▸ **EXERCISE DETAILS**
Before answering, work out how many lines below contain the string "clipPath"; the reply is that number alone.

▸ **Source data**
%%
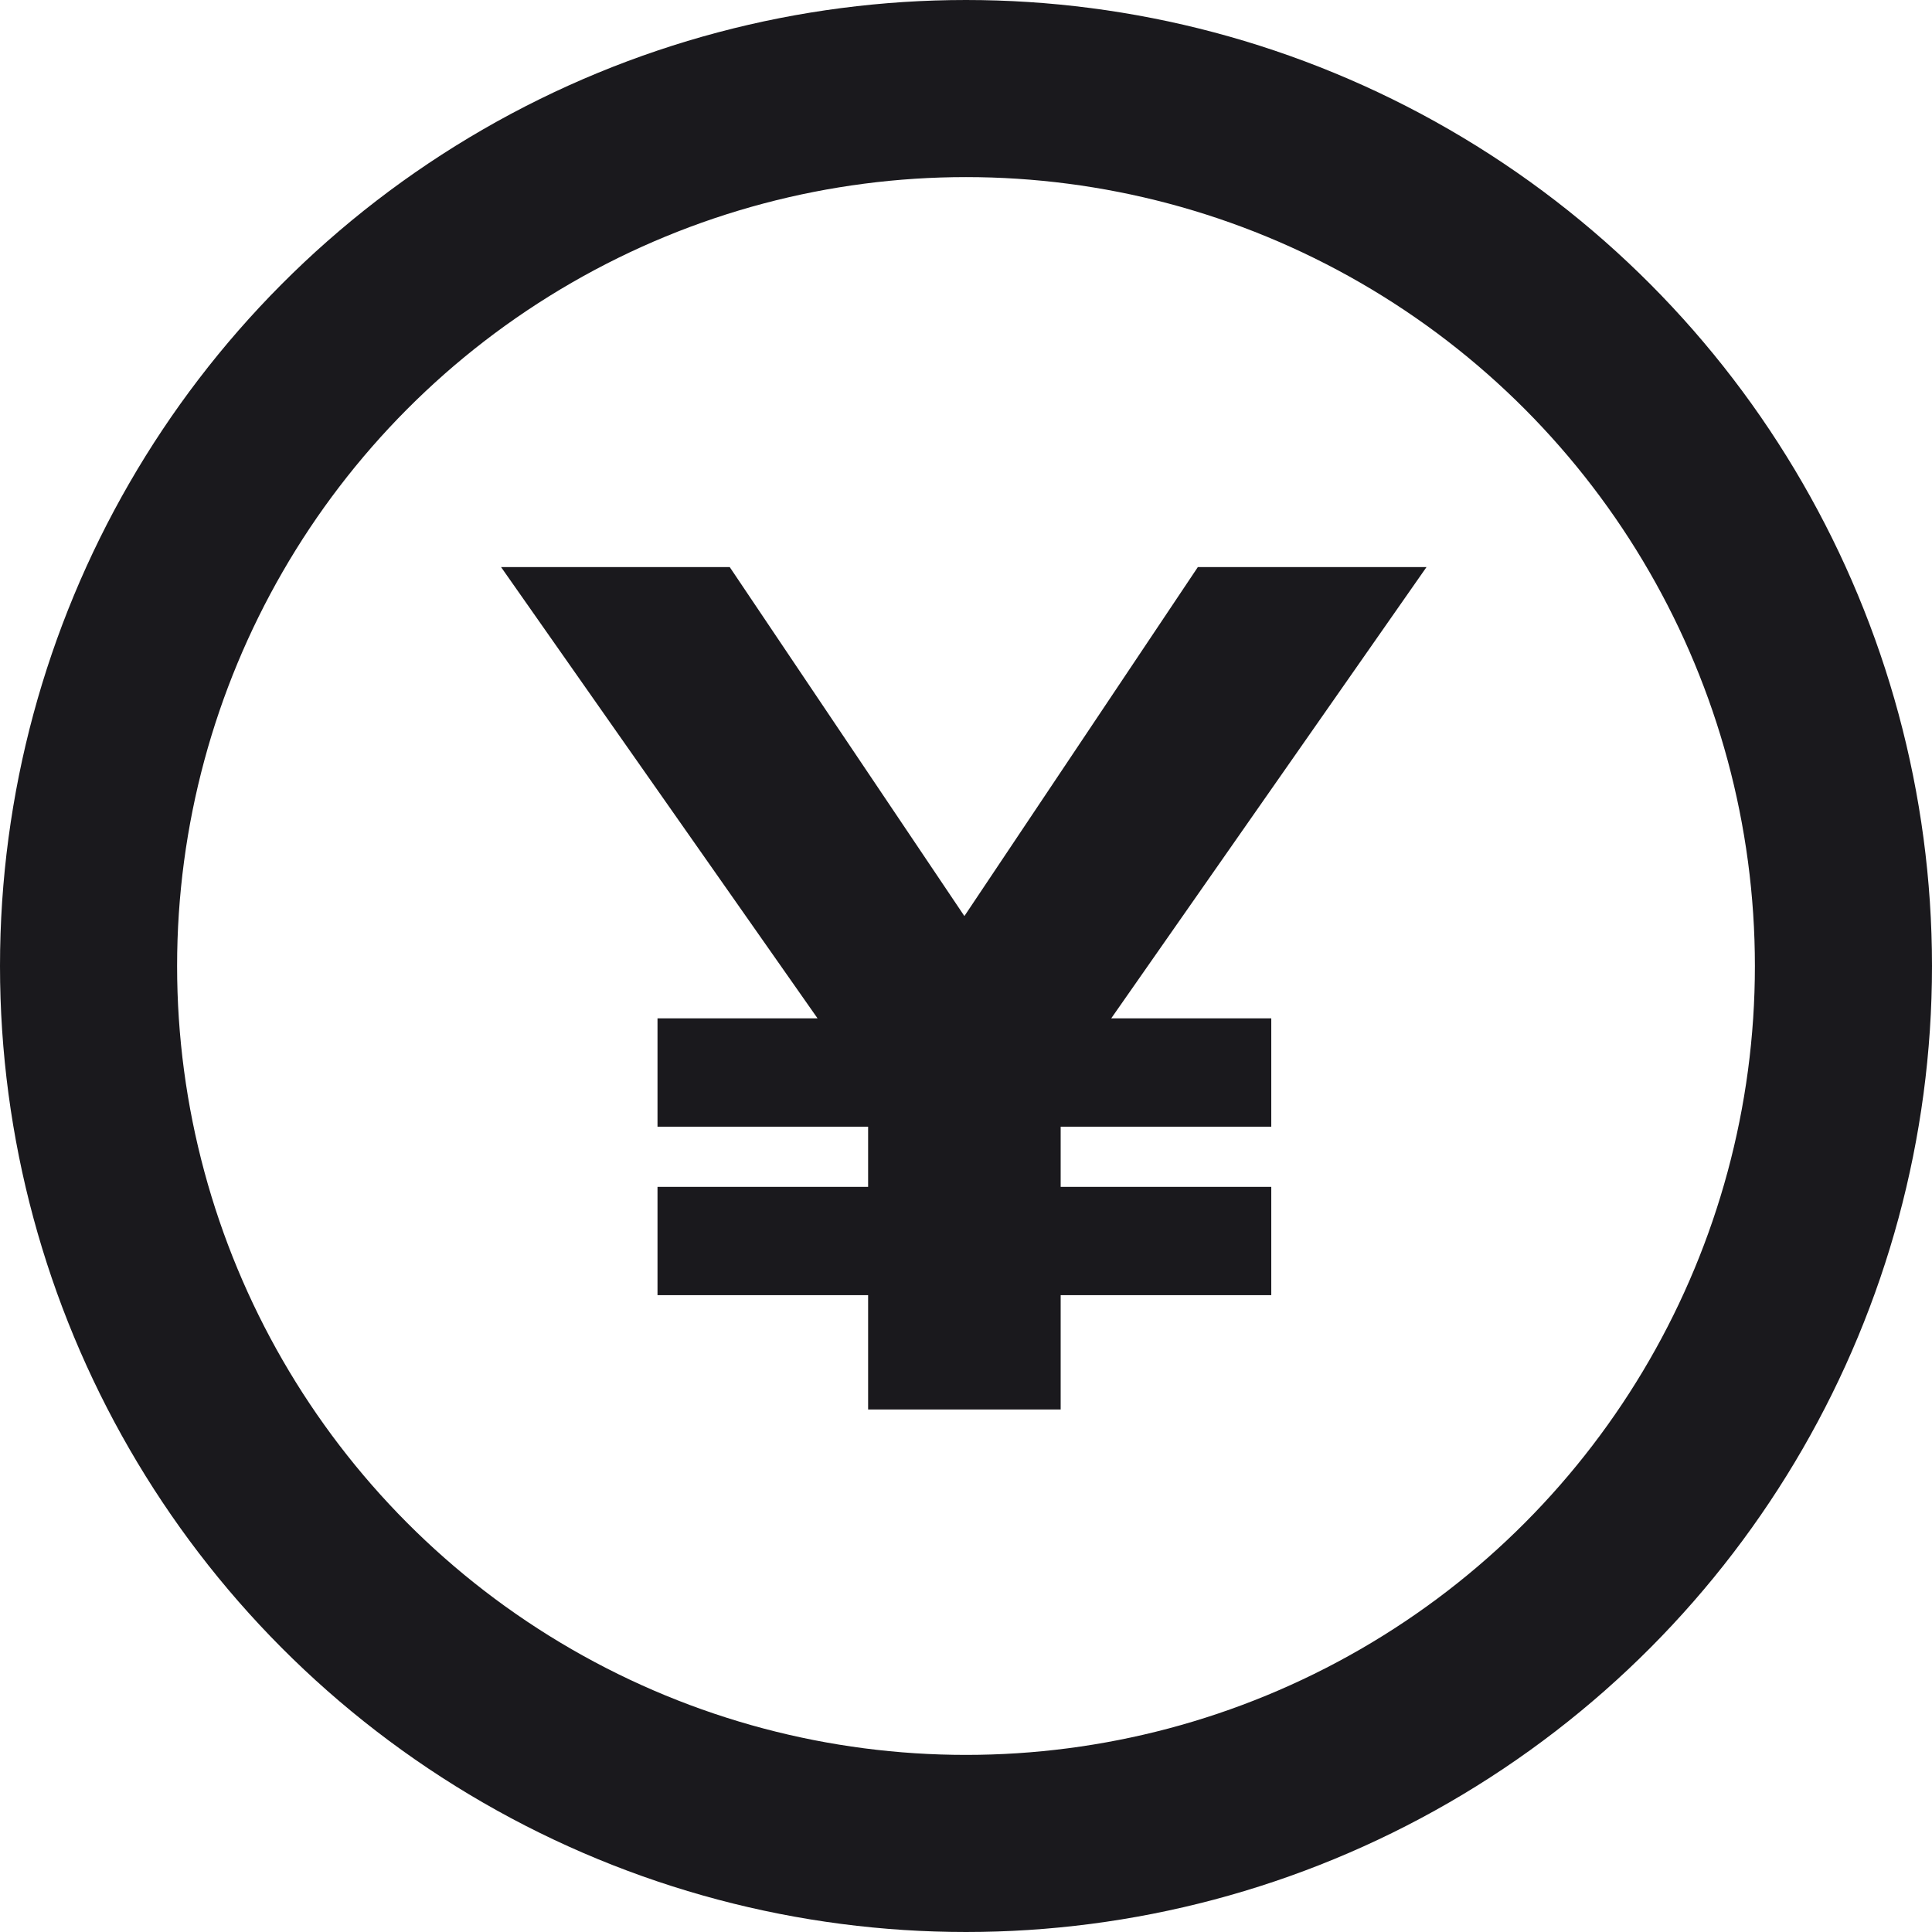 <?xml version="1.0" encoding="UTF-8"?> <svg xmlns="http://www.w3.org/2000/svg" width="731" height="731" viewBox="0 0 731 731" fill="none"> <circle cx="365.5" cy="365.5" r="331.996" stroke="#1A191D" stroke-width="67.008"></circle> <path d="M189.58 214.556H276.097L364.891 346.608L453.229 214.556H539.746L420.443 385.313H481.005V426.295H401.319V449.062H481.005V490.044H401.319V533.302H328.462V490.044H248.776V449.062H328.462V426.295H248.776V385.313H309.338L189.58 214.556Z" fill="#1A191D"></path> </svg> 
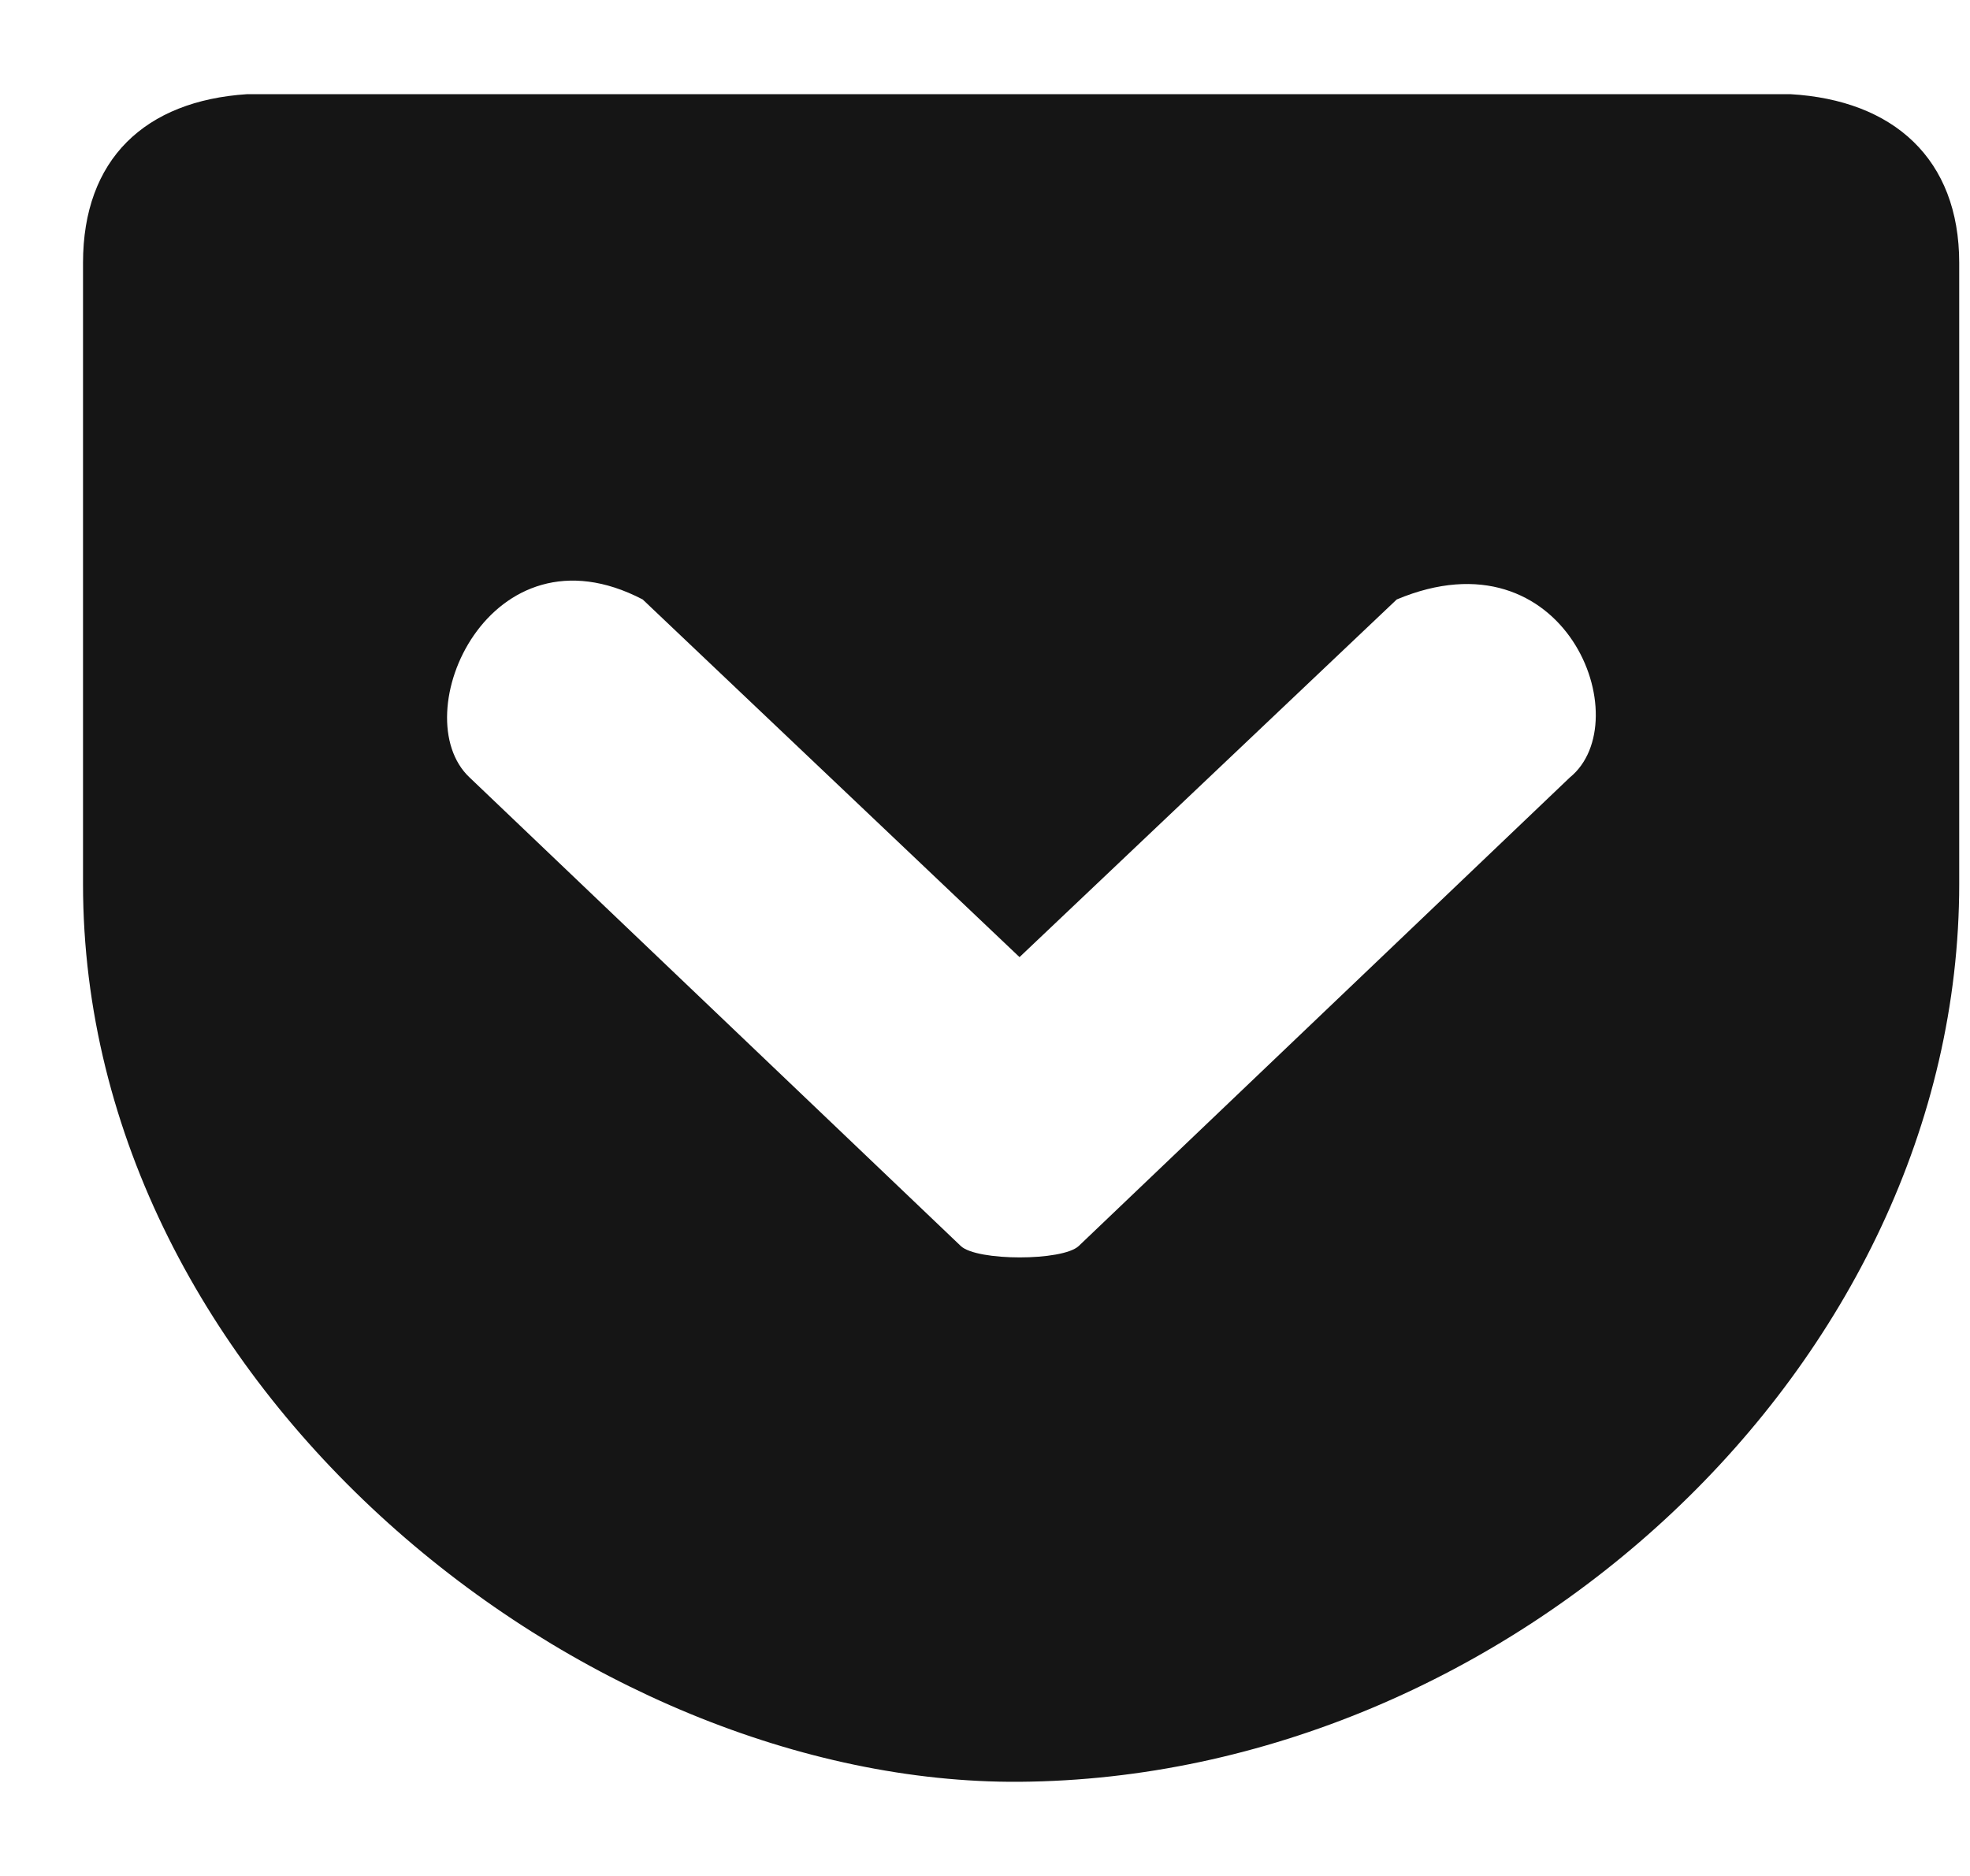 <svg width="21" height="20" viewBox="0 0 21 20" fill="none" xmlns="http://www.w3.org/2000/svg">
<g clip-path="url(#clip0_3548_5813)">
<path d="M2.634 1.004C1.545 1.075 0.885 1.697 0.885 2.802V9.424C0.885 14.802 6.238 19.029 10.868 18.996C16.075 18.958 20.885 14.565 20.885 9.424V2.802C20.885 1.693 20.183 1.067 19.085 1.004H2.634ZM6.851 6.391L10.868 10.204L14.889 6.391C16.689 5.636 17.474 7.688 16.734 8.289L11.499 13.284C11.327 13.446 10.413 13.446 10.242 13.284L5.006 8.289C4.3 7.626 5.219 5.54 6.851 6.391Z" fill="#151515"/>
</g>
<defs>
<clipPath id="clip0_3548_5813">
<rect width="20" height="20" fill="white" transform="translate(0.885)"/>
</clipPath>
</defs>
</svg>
%%
▸ **SOLUTION FOR THIS EXERCISE**
2